Do any Councils have anything like that for houses built in the more fire prone areas? For example, for a house in a rural setting, do they need fire resistant features like a tiled or cemented veranda rather than a wooden veranda that cinders can fall upon and set alight?

gaseous
08-01-2020, 02:30 PM
Yes Bob, it's called the Bushfire Attack Level (BAL). It's normally part of a local authority's list of planning regulations for houses adjacent to potentially bushfire-prone areas. It ranges from a low-range ember attack to full-on direct flames. The low-range rating requires sealing of gutters/downpipes, mesh screening on windows/doors, non-combustible decking materials (or timbers that meet the BAL requirements), etc. Just complying with the low-level rating can be quite onerous and expensive - I shudder to think what the high level ratings would require.

Tropo-Bob
08-01-2020, 03:24 PM
Thanks for this information. Appreciate it!

bgilbert
08-01-2020, 06:34 PM
. Can someone tell me the role of CO2 over the period of this plot


254075

gregbradley
08-01-2020, 06:50 PM
I have lived in Sydney most of my life.

I know for a fact because I have lived through it that Sydney is a much hotter city to live on than it was earlier on (55 years ago).
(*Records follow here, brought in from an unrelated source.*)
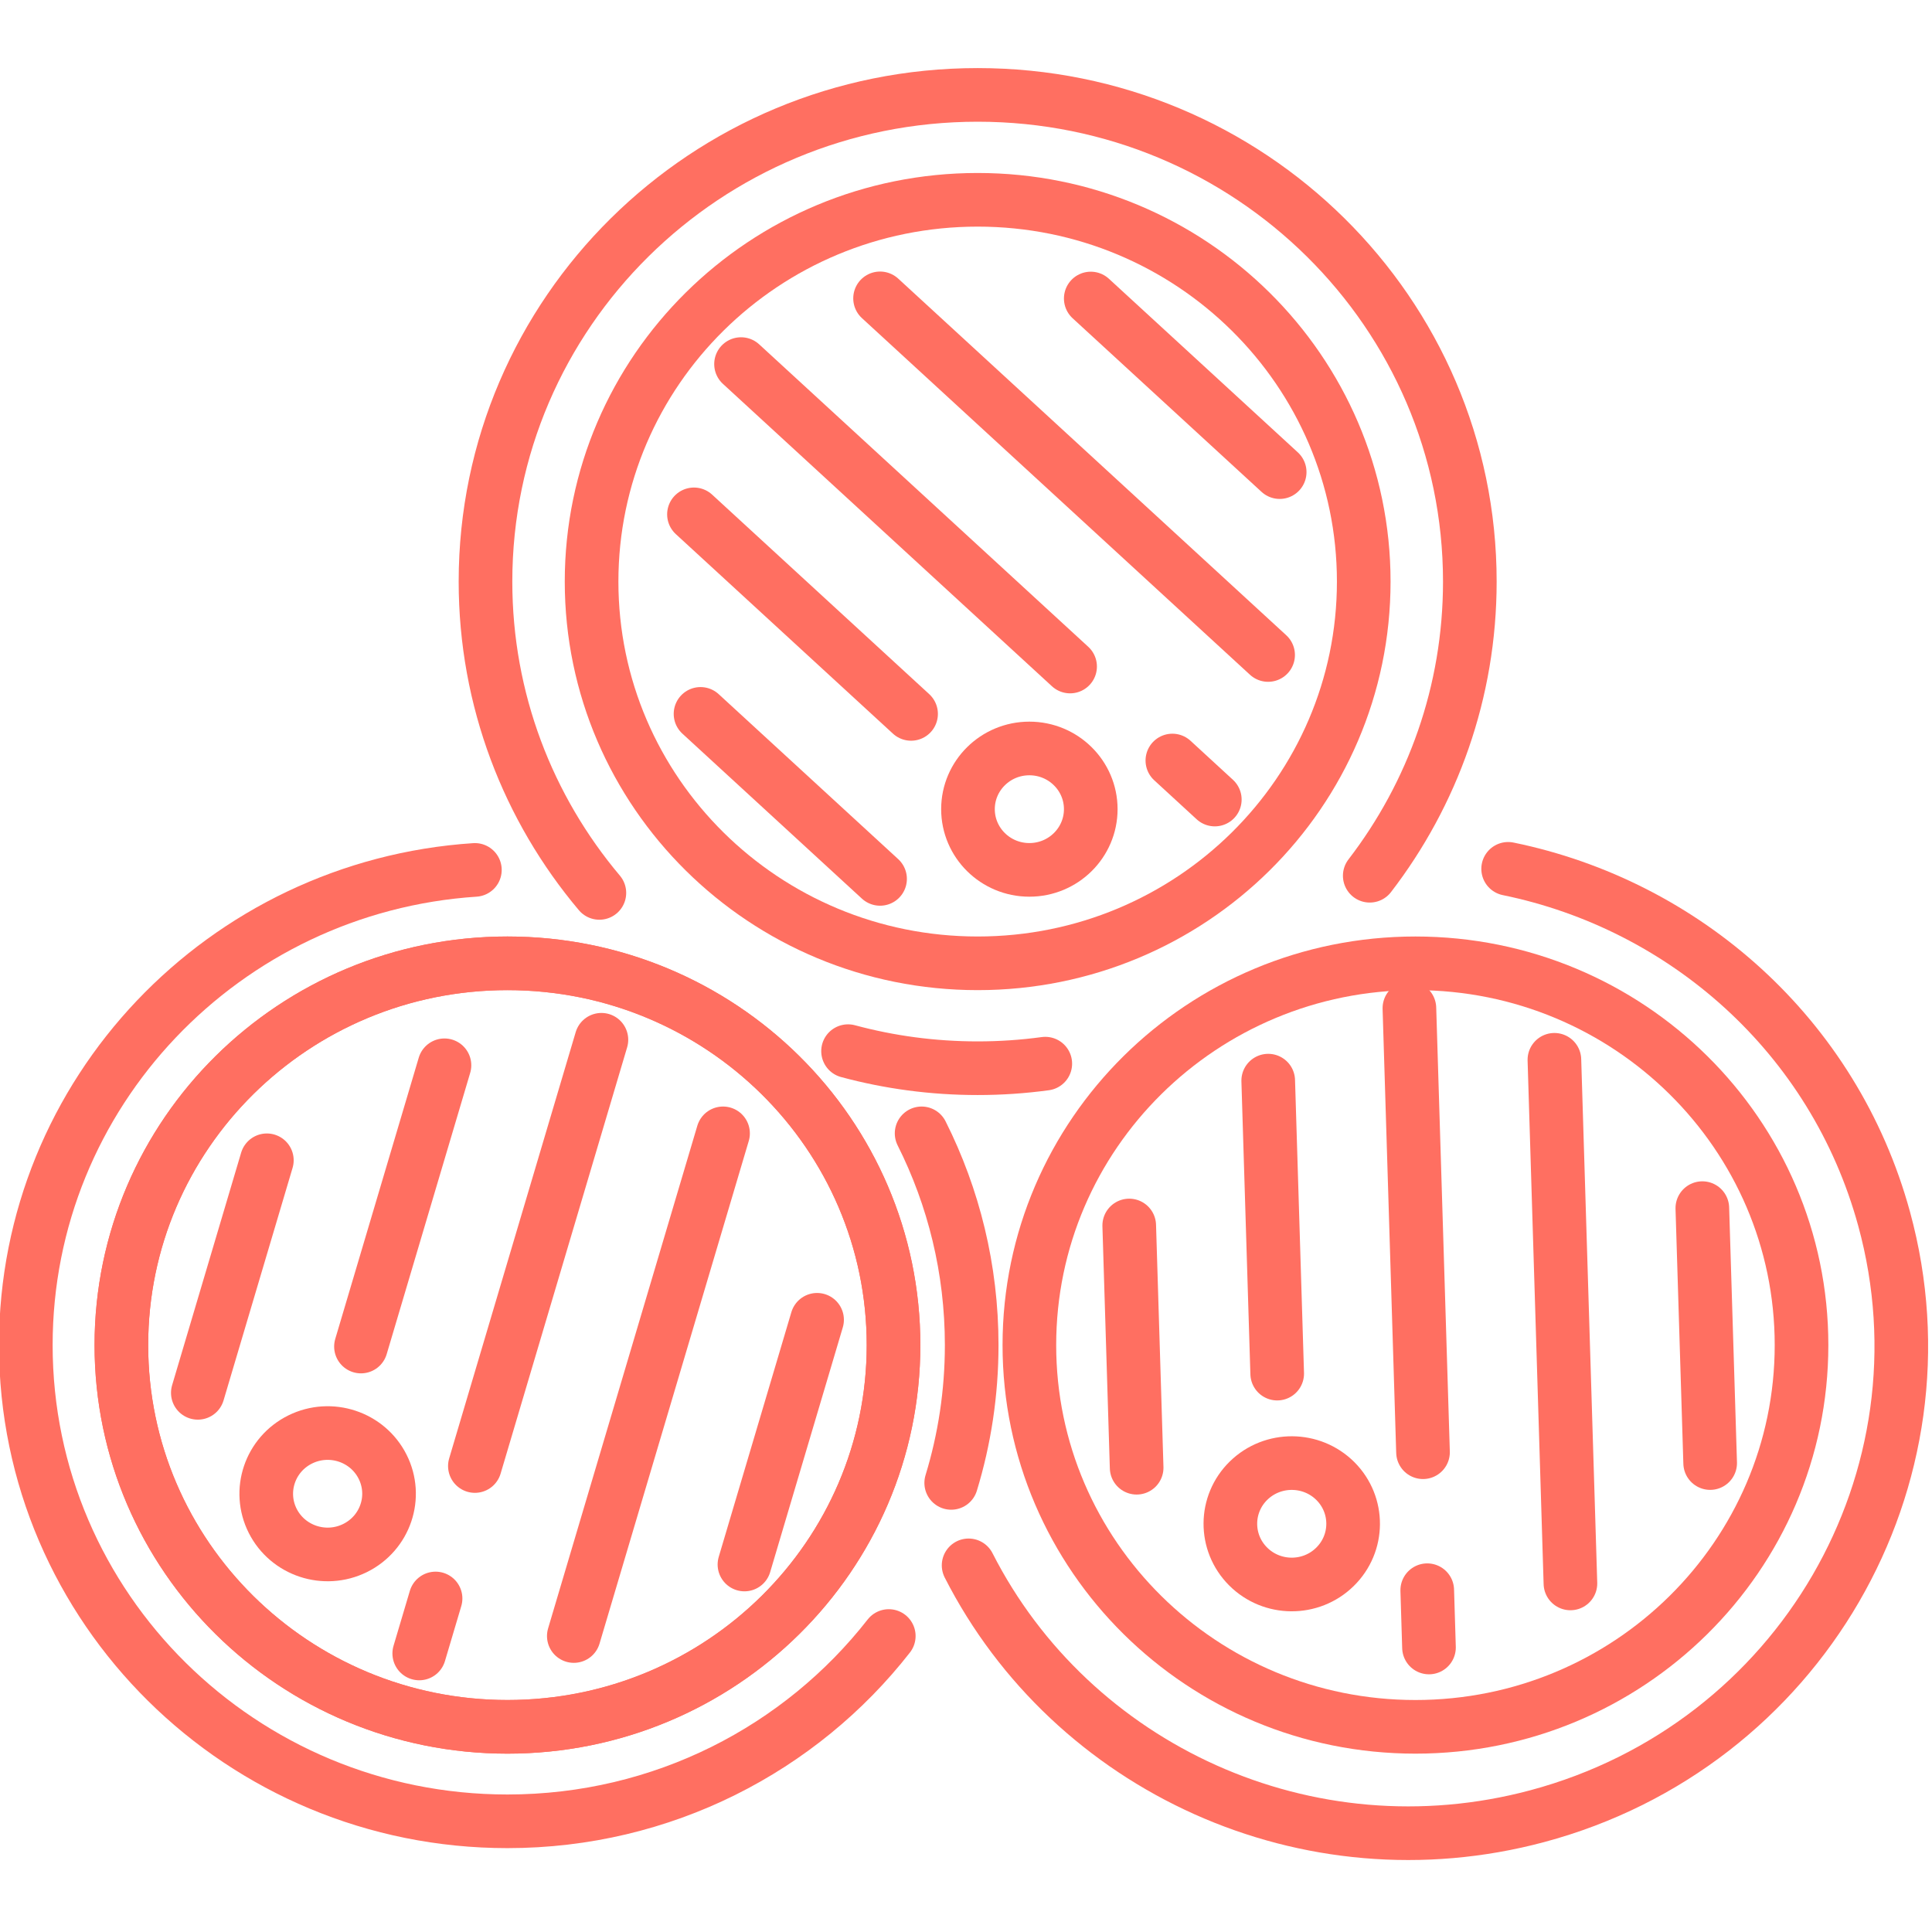 <svg style="fill-rule:evenodd;clip-rule:evenodd;stroke-linecap:round;stroke-linejoin:round;stroke-miterlimit:2;" xml:space="preserve" xmlns:xlink="http://www.w3.org/1999/xlink" xmlns="http://www.w3.org/2000/svg" version="1.1" viewBox="0 0 150 150" height="100%" width="100%">
    <g transform="matrix(0.288,0,0,0.288,-518.616,-464.595)">
        <path style="fill:none;stroke:rgb(255,111,97);stroke-width:14.46px;" d="M2082.54,1899.92C2076.58,1900.73 2070.49,1901.15 2064.31,1901.15C2052.22,1901.15 2040.5,1899.55 2029.37,1896.55"></path>
    </g>
    <g transform="matrix(0.288,0,0,0.288,-518.616,-464.595)">
        <path style="fill:none;stroke:rgb(255,111,97);stroke-width:14.46px;" d="M1962.33,1853.89C1943.16,1831.14 1931.63,1801.88 1931.63,1769.96C1931.63,1697.5 1991.03,1638.76 2064.31,1638.76C2137.58,1638.76 2196.99,1697.5 2196.99,1769.96C2196.99,1799.76 2186.94,1827.24 2170.01,1849.26"></path>
    </g>
    <g transform="matrix(0.288,0,0,0.288,-518.616,-464.595)">
        <path style="fill:none;stroke:rgb(255,111,97);stroke-width:14.46px;" d="M2041.63,1975.79C2041.63,2032.63 1995.03,2078.7 1937.55,2078.7C1880.07,2078.7 1833.47,2032.63 1833.47,1975.79C1833.47,1918.95 1880.07,1872.87 1937.55,1872.87C1995.03,1872.87 2041.63,1918.95 2041.63,1975.79Z"></path>
    </g>
    <g transform="matrix(0.288,0,0,0.288,-518.616,-464.595)">
        <path style="fill:none;stroke:rgb(255,111,97);stroke-width:14.46px;" d="M2041.63,1975.79C2041.63,2032.63 1995.03,2078.7 1937.55,2078.7C1880.07,2078.7 1833.47,2032.63 1833.47,1975.79C1833.47,1918.95 1880.07,1872.87 1937.55,1872.87C1995.03,1872.87 2041.63,1918.95 2041.63,1975.79Z"></path>
    </g>
    <g transform="matrix(0.288,0,0,0.288,-518.616,-464.595)">
        <path style="fill:none;stroke:rgb(255,111,97);stroke-width:14.46px;" d="M2168.39,1769.96C2168.39,1826.8 2121.79,1872.87 2064.31,1872.87C2006.82,1872.87 1960.23,1826.8 1960.23,1769.96C1960.23,1713.12 2006.82,1667.04 2064.31,1667.04C2121.79,1667.04 2168.39,1713.12 2168.39,1769.96Z"></path>
    </g>
    <g transform="matrix(0.288,0,0,0.288,-518.616,-464.595)">
        <path style="fill:none;stroke:rgb(255,111,97);stroke-width:14.46px;" d="M2286.41,1975.79C2286.41,2032.63 2239.81,2078.7 2182.33,2078.7C2124.85,2078.7 2078.25,2032.63 2078.25,1975.79C2078.25,1918.95 2124.85,1872.87 2182.33,1872.87C2239.81,1872.87 2286.41,1918.95 2286.41,1975.79Z"></path>
    </g>
    <g transform="matrix(0.288,0,0,0.288,-518.616,-464.595)">
        <path style="fill:none;stroke:rgb(255,111,97);stroke-width:14.46px;" d="M2094.8,1693.65L2145.73,1740.45"></path>
    </g>
    <g transform="matrix(0.288,0,0,0.288,-518.616,-464.595)">
        <path style="fill:none;stroke:rgb(255,111,97);stroke-width:14.46px;" d="M2038,1693.61L2142.61,1789.75"></path>
    </g>
    <g transform="matrix(0.288,0,0,0.288,-518.616,-464.595)">
        <path style="fill:none;stroke:rgb(255,111,97);stroke-width:14.46px;" d="M2116.8,1818.2L2128.24,1828.72"></path>
    </g>
    <g transform="matrix(0.288,0,0,0.288,-518.616,-464.595)">
        <path style="fill:none;stroke:rgb(255,111,97);stroke-width:14.46px;" d="M2000.52,1711.33L2089.23,1792.86"></path>
    </g>
    <g transform="matrix(0.288,0,0,0.288,-518.616,-464.595)">
        <path style="fill:none;stroke:rgb(255,111,97);stroke-width:14.46px;" d="M1987.83,1751.84L2046.36,1805.63"></path>
    </g>
    <g transform="matrix(0.288,0,0,0.288,-518.616,-464.595)">
        <path style="fill:none;stroke:rgb(255,111,97);stroke-width:14.46px;" d="M1989.6,1805.63L2038,1850.11"></path>
    </g>
    <g transform="matrix(0.288,0,0,0.288,-518.616,-464.595)">
        <path style="fill:none;stroke:rgb(255,111,97);stroke-width:14.46px;" d="M2094.8,1831.31C2094.8,1840.35 2087.39,1847.68 2078.25,1847.68C2069.11,1847.68 2061.7,1840.35 2061.7,1831.31C2061.7,1822.28 2069.11,1814.95 2078.25,1814.95C2087.39,1814.95 2094.8,1822.28 2094.8,1831.31Z"></path>
    </g>
    <g transform="matrix(0.288,0,0,0.288,-518.616,-464.595)">
        <path style="fill:none;stroke:rgb(255,111,97);stroke-width:14.46px;" d="M2259.67,1938.87L2261.78,2007.59"></path>
    </g>
    <g transform="matrix(0.288,0,0,0.288,-518.616,-464.595)">
        <path style="fill:none;stroke:rgb(255,111,97);stroke-width:14.46px;" d="M2219.79,1898.88L2224.11,2040.04"></path>
    </g>
    <g transform="matrix(0.288,0,0,0.288,-518.616,-464.595)">
        <path style="fill:none;stroke:rgb(255,111,97);stroke-width:14.46px;" d="M2185.51,2041.87L2185.98,2057.31"></path>
    </g>
    <g transform="matrix(0.288,0,0,0.288,-518.616,-464.595)">
        <path style="fill:none;stroke:rgb(255,111,97);stroke-width:14.46px;" d="M2180.7,1884.97L2184.37,2004.67"></path>
    </g>
    <g transform="matrix(0.288,0,0,0.288,-518.616,-464.595)">
        <path style="fill:none;stroke:rgb(255,111,97);stroke-width:14.46px;" d="M2142.64,1904.5L2145.06,1983.48"></path>
    </g>
    <g transform="matrix(0.288,0,0,0.288,-518.616,-464.595)">
        <path style="fill:none;stroke:rgb(255,111,97);stroke-width:14.46px;" d="M2105.17,1943.55L2107.17,2008.85"></path>
    </g>
    <g transform="matrix(0.288,0,0,0.288,-518.616,-464.595)">
        <path style="fill:none;stroke:rgb(255,111,97);stroke-width:14.46px;" d="M2160.61,2035.6C2154.11,2041.96 2143.63,2041.89 2137.21,2035.46C2130.79,2029.03 2130.85,2018.67 2137.35,2012.32C2143.86,2005.97 2154.33,2006.04 2160.76,2012.46C2167.18,2018.89 2167.11,2029.25 2160.61,2035.6Z"></path>
    </g>
    <g transform="matrix(0.288,0,0,0.288,-518.616,-464.595)">
        <path style="fill:none;stroke:rgb(255,111,97);stroke-width:14.46px;" d="M2207.32,1847.4C2254.8,1857.13 2295.14,1892.3 2308.67,1941.74C2327.82,2011.75 2285.95,2083.85 2215.15,2102.79C2153.2,2119.36 2089.63,2089.74 2061.87,2035.17"></path>
    </g>
    <g transform="matrix(0.288,0,0,0.288,-518.616,-464.595)">
        <path style="fill:none;stroke:rgb(255,111,97);stroke-width:14.46px;" d="M2021.02,1968.97L2001.44,2034.94"></path>
    </g>
    <g transform="matrix(0.288,0,0,0.288,-518.616,-464.595)">
        <path style="fill:none;stroke:rgb(255,111,97);stroke-width:14.46px;" d="M1995.67,1918.71L1955.44,2054.22"></path>
    </g>
    <g transform="matrix(0.288,0,0,0.288,-518.616,-464.595)">
        <path style="fill:none;stroke:rgb(255,111,97);stroke-width:14.46px;" d="M1918.17,2044.1L1913.77,2058.92"></path>
    </g>
    <g transform="matrix(0.288,0,0,0.288,-518.616,-464.595)">
        <path style="fill:none;stroke:rgb(255,111,97);stroke-width:14.46px;" d="M1962.88,1893.48L1928.77,2008.39"></path>
    </g>
    <g transform="matrix(0.288,0,0,0.288,-518.616,-464.595)">
        <path style="fill:none;stroke:rgb(255,111,97);stroke-width:14.46px;" d="M1920.57,1900.36L1898.06,1976.18"></path>
    </g>
    <g transform="matrix(0.288,0,0,0.288,-518.616,-464.595)">
        <path style="fill:none;stroke:rgb(255,111,97);stroke-width:14.46px;" d="M1872.69,1925.97L1854.08,1988.66"></path>
    </g>
    <g transform="matrix(0.288,0,0,0.288,-518.616,-464.595)">
        <path style="fill:none;stroke:rgb(255,111,97);stroke-width:14.46px;" d="M1896.47,2030.5C1888.3,2034.54 1878.36,2031.26 1874.27,2023.18C1870.19,2015.09 1873.51,2005.27 1881.68,2001.23C1889.86,1997.19 1899.8,2000.47 1903.88,2008.55C1907.97,2016.63 1904.65,2026.46 1896.47,2030.5Z"></path>
    </g>
    <g transform="matrix(0.288,0,0,0.288,-518.616,-464.595)">
        <path style="fill:none;stroke:rgb(255,111,97);stroke-width:14.46px;" d="M2040.35,2054.22C2016.61,2084.61 1979.39,2104.17 1937.55,2104.17C1865.84,2104.17 1807.71,2046.69 1807.71,1975.79C1807.71,1907.8 1861.16,1852.15 1928.77,1847.69"></path>
    </g>
    <g transform="matrix(0.288,0,0,0.288,-518.616,-464.595)">
        <path style="fill:none;stroke:rgb(255,111,97);stroke-width:14.46px;" d="M2049.2,1918.71C2057.84,1935.91 2062.7,1955.29 2062.7,1975.79C2062.7,1988.71 2060.77,2001.18 2057.18,2012.94"></path>
    </g>
</svg>

Sure its always been a hot city but in the 60 and 70's a hot day was 95-100F now its 114.

40C + now is a fairly common occurrence in Sydney whereas it was quite rare back then.

Bureau of Meterology keeps the statistics. Last 13 of the past 15 years have been the hottest and of course Penrith set a new record last week at an insane 48.9C.

To think man who now numbers close to 8 billion, can burn fossil fuels all day long, cut down the forests and not have a flashback from nature is naïve.

Arguing about graphs or "science" does not go anywhere. It seems science can be twisted easily much like accounting.

Man is a polluter. The Aborigines go back 60,000 years and no pollution. Wow. We could learn a thing or two from them.

When you pollute there are consequences. Perhaps slow to appear, but they are there, especially long term. Man has never been good at seeing long term consequences until they are too obvious too ignore.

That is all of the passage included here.